EXERCISE INSTRUCTIONS. Your reply should be the records below, duplicated exactly, with any picture removed.
+--
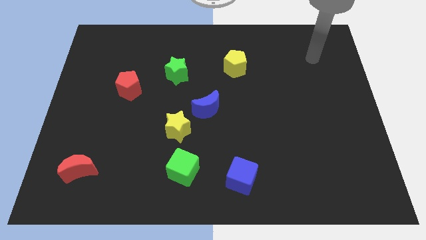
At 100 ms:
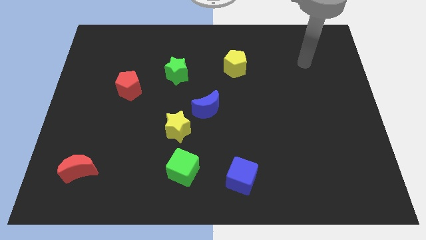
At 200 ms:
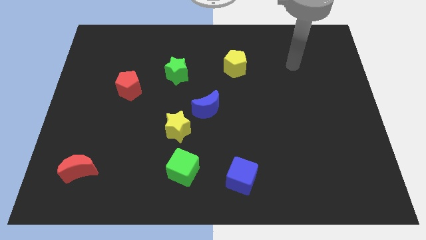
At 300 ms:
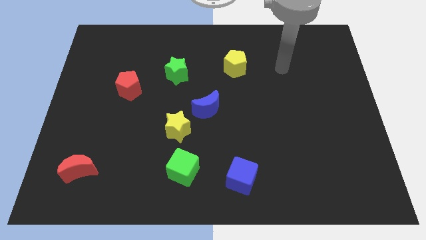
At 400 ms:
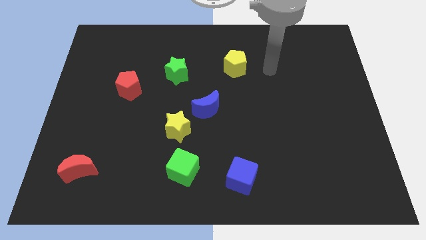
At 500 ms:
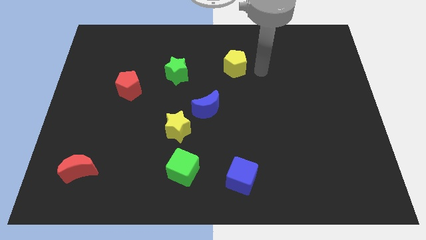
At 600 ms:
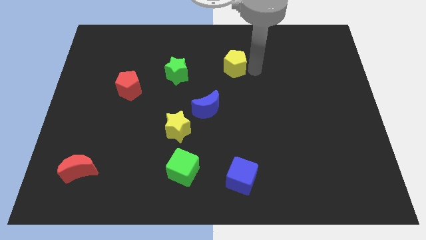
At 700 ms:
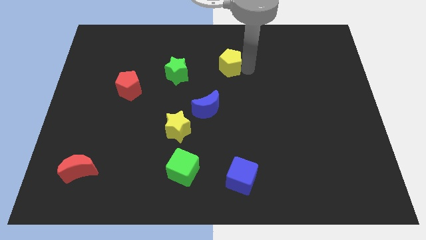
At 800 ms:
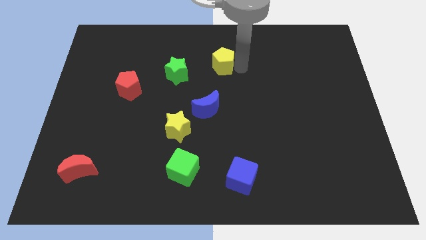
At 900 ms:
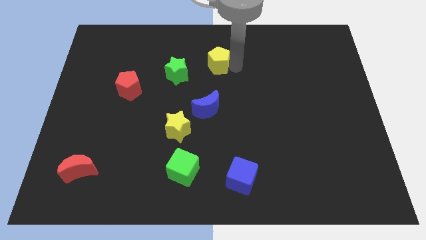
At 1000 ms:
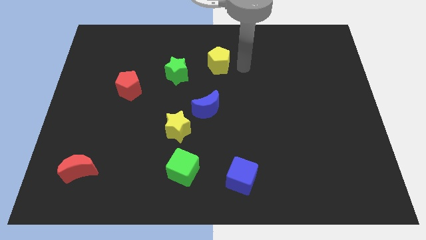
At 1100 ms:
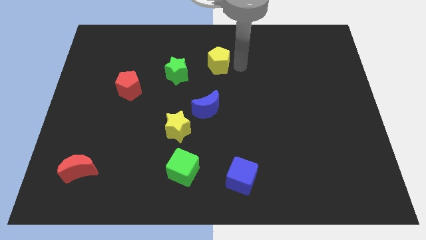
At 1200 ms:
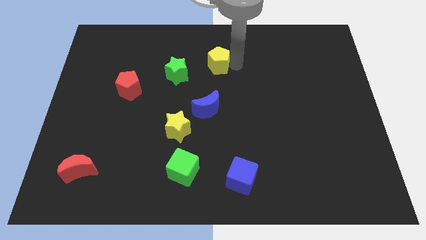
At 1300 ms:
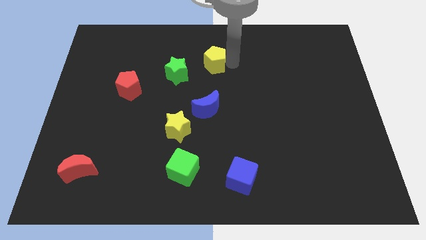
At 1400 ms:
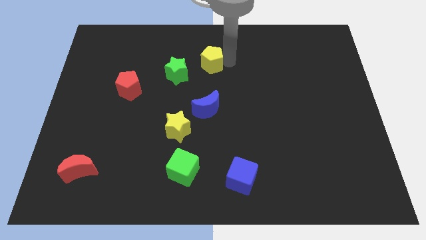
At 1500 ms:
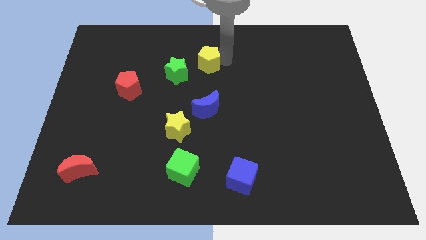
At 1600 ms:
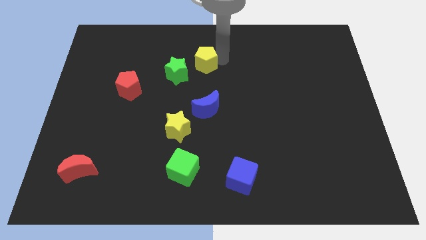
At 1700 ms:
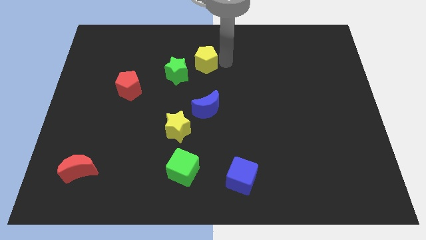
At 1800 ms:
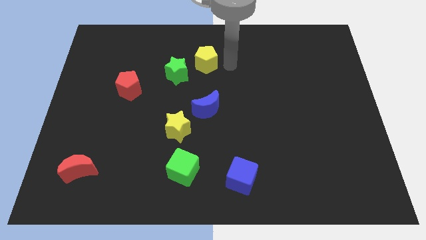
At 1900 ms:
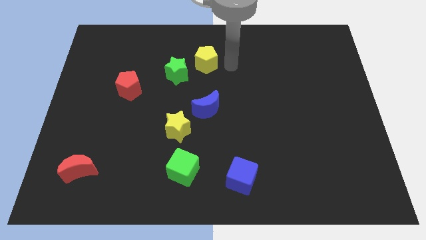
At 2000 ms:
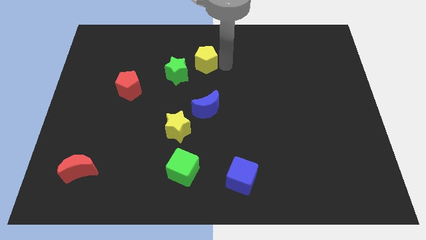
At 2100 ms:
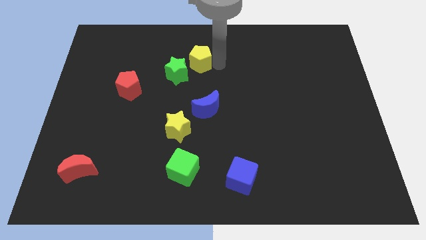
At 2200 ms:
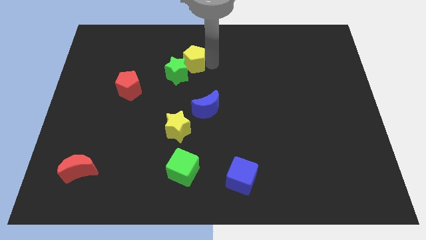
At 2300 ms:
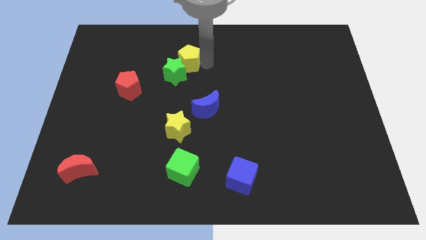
+--
RESULT FOR THIS TASK.
At 100 ms:
At 200 ms:
At 300 ms:
At 400 ms:
At 500 ms:
At 600 ms:
At 700 ms:
At 800 ms:
At 900 ms:
At 1000 ms:
At 1100 ms:
At 1200 ms:
At 1300 ms:
At 1400 ms:
At 1500 ms:
At 1600 ms:
At 1700 ms:
At 1800 ms:
At 1900 ms:
At 2000 ms:
At 2100 ms:
At 2200 ms:
At 2300 ms:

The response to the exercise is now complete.